Though I'd prefer the preview to be live...

The readme taking center stage in the "overview" page is nice. Though getting
it again in the "source" page is weird

------
tayl0r
It's hilarious how difficult it is to get a non-programmer on Windows setup on
Bitbucket (to clone a repo and then push a commit).

I don't blame this on Bitbucket, I blame the state of Windows Git
applications.

My friend who is an artist (pretty technical too but he's not a programmer and
never deals with SSH) is going to do some art for me for a game project I have
in Bitbucket. I added him to my repo and told him to download Gitextensions,
which seems to be, arguably, the best free graphical git app for Windows.

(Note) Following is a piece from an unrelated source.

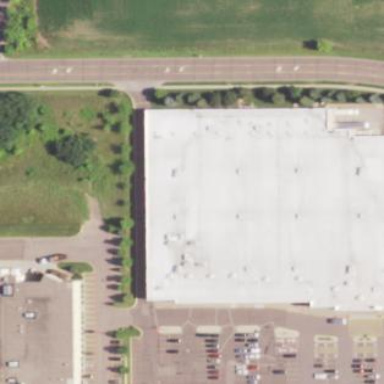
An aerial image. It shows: Department store building.

So, he downloaded it and set it up but when he started it up for the first
time there was no option to clone from a source URL other than from Github.

First you have to figure out that you need to setup your SSH key and then
clone the SSH url. I know that, but a non-programmer with no experience using
git before would probably have zero clue.

You have to then setup your SSH key using Putty, and I'm sure we all know how
awesome it is that SSH keys generated with Putty are in a different format
than SSH keys generated with ssh-keygen, so pasting your public key into the
Bitbucket site leads to nothing but problems. You have to erase some stuff,
add "ssh-rsa" to the front, remove the newlines, etc. You can't just copy and
paste the whole thing. If you aren't experienced with SSH keys you will not be
able to figure it out. The bitbucket docs for this step assume you have an SSH
key generated from ssh-keygen and not from putty, so they are of no help.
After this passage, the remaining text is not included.